6. RAG with LangChain

Complete RAG Chain:
from langchain_community.vectorstores import Chroma
from langchain_openai import OpenAIEmbeddings
from langchain_core.runnables import RunnablePassthrough

# Setup vector store
embeddings = OpenAIEmbeddings()
vectorstore = Chroma.from_texts(
    texts=["LangChain is a framework for building LLM applications..."],
    embedding=embeddings
)

retriever = vectorstore.as_retriever()

# RAG chain
def format_docs(docs):
    return "\n\n".join(doc.page_content for doc in docs)

rag_prompt = ChatPromptTemplate.from_template("""
Answer the question based on the context:

Context: {context}

Question: {question}
""")

rag_chain = (
    {
        "context": retriever | format_docs,
        "question": RunnablePassthrough()
    }
    | rag_prompt
    | llm
    | StrOutputParser()
)

answer = rag_chain.invoke("What is LangChain?")
RAG with Sources:
from langchain_core.runnables import RunnableLambda

def format_docs_with_sources(docs):
    formatted = []
    for i, doc in enumerate(docs):
        formatted.append(f"[Source {i+1}]: {doc.page_content}")
    return "\n\n".join(formatted)

rag_with_sources = (
    {
        "context": retriever | format_docs_with_sources,
        "question": RunnablePassthrough()
    }
    | rag_prompt
    | llm
    | StrOutputParser()
)

7. Streaming

Streaming Responses:
from langchain_core.callbacks import StreamingStdOutCallbackHandler

llm = ChatOpenAI(
    model="gpt-4o",
    streaming=True,
    callbacks=[StreamingStdOutCallbackHandler()]
)

chain.invoke({"topic": "AI"})
Custom Streaming Handler:
from langchain_core.callbacks import BaseCallbackHandler

class CustomStreamHandler(BaseCallbackHandler):
    def __init__(self, on_token):
        self.on_token = on_token
        self.tokens = []
    
    def on_llm_new_token(self, token: str, **kwargs):
        self.tokens.append(token)
        self.on_token(token)
    
    def get_full_response(self) -> str:
        return "".join(self.tokens)

# Usage
tokens_received = []
handler = CustomStreamHandler(lambda t: tokens_received.append(t))
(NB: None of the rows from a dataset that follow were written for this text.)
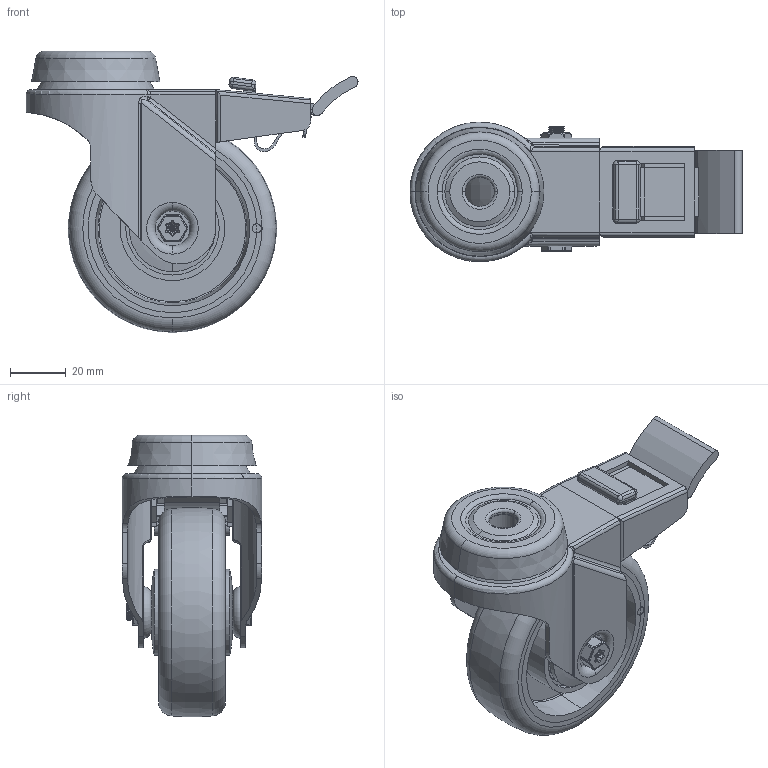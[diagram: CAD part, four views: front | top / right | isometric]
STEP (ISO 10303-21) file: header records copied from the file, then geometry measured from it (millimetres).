
FILE_DESCRIPTION(('STEP AP203'),'1');
FILE_NAME('BZRA75GRECBJBH10SWB.STEP','2023-06-01T13:17:17',(' '),(' '),'Spatial InterOp 3D',' ',' ');
FILE_SCHEMA(('CONFIG_CONTROL_DESIGN'));
Length unit declared in the file: metre
Products named in the file (22): BZRA75ASBH10SWB; ZINC PLATED PRESSED STEEL HEAD; ZINC PLATED PRESSED STEEL FORKS; ZINC PLATED PRESSED STEEL BRAKE; NYLON BRAKE PEDAL; BRAKE PAD; BZRA75GRECBJBH10SWB; ELECTRICALLY CONDUCTIVE RUBBER TYRE; ELECTRICALLY CONDUCTIVE RUBBER TYRE Geometry; EC SPOT; SSL75WGRECBJM6; POLYPROPYLENE RIM; BEARING S608; Component1; Pattern; Component2; Component3; CAP; BOLTBZRA6MM; ZINC PLATED AXLE BOLT; NM6GR8HALFGR8; ZINC PLATED LOCKING NUT
Assembly tree (27 placements, depth 5):
  BZRA75GRECBJBH10SWB
    BZRA75ASBH10SWB
      ZINC PLATED PRESSED STEEL HEAD
      ZINC PLATED PRESSED STEEL FORKS
      ZINC PLATED PRESSED STEEL BRAKE
      NYLON BRAKE PEDAL
      BRAKE PAD
    SSL75WGRECBJM6
      ELECTRICALLY CONDUCTIVE RUBBER TYRE
        ELECTRICALLY CONDUCTIVE RUBBER TYRE Geometry
        EC SPOT
      POLYPROPYLENE RIM
      BEARING S608
        Component1
        Pattern
          Component2  x6
        Component3
      CAP  x2
    BOLTBZRA6MM
      ZINC PLATED AXLE BOLT
    NM6GR8HALFGR8
      ZINC PLATED LOCKING NUT
Bounding box: 119 x 50 x 100.96 mm (x, y, z)
Volume: 108187.6 mm3; surface area: 77981.5 mm2
Topology: 22 solids, 22 shells, 793 faces, 1972 edges, 1224 vertices
Faces by surface type: cylinder 341, plane 242, torus 104, bspline 44, cone 40, sphere 22
Entity records: 43951 total; most frequent: CARTESIAN_POINT 24454, DIRECTION 4057, ORIENTED_EDGE 3764, EDGE_CURVE 1882, AXIS2_PLACEMENT_3D 1631, VERTEX_POINT 1188, CIRCLE 829, EDGE_LOOP 824

llm = ChatOpenAI(model="gpt-4o", streaming=True, callbacks=[handler])
response = llm.invoke([HumanMessage(content="Explain streaming")])
Async Streaming:
async def stream_chain():
    async for chunk in chain.astream({"topic": "AI"}):
        print(chunk.content, end="", flush=True)

import asyncio
asyncio.run(stream_chain())

8. Observability with LangSmith

import os

os.environ["LANGCHAIN_TRACING_V2"] = "true"
os.environ["LANGCHAIN_API_KEY"] = "your-api-key"
os.environ["LANGCHAIN_PROJECT"] = "my-project"

# All chains automatically traced
chain.invoke({"input": "test"})
# View at smith.langchain.com
Custom Tracing:
from langchain_core.tracers import LangChainTracer
from langchain.callbacks import LangChainTracerV2

tracer = LangChainTracerV2(project_name="my-project")
chain.invoke({"input": "test"}, config={"callbacks": [tracer]})

Production Patterns

Error Handling

from langchain_core.runnables import RunnableLambda

def safe_invoke(chain, input_data):
    try:
        return chain.invoke(input_data)
    except Exception as e:
        return {"error": str(e), "input": input_data}

safe_chain = RunnableLambda(lambda x: safe_invoke(chain, x))
Retry Logic:
from langchain_core.runnables import RunnableRetry

retry_chain = RunnableRetry(
    chain,
    max_attempts=3,
    retry_if_exception_type=(Exception,)
)

Caching

from langchain.cache import InMemoryCache
from langchain.globals import set_llm_cache

set_llm_cache(InMemoryCache())

# First call - hits API
chain.invoke({"input": "test"})

# Second call - uses cache
chain.invoke({"input": "test"})
Redis Cache:
from langchain.cache import RedisCache
import redis

redis_client = redis.Redis()
set_llm_cache(RedisCache(redis_client))

Batch Processing

# Process multiple inputs in parallel
inputs = [{"topic": "AI"}, {"topic": "ML"}, {"topic": "NLP"}]
results = chain.batch(inputs)
Async Batch:
import asyncio

async def batch_process():
    inputs = [{"topic": "AI"}, {"topic": "ML"}]
    results = await chain.abatch(inputs)
    return results

asyncio.run(batch_process())

Output Parsing

Structured Output:
from langchain_core.output_parsers import PydanticOutputParser
from pydantic import BaseModel, Field

class Answer(BaseModel):
    answer: str = Field(description="The answer")
    confidence: float = Field(description="Confidence score")

parser = PydanticOutputParser(pydantic_object=Answer)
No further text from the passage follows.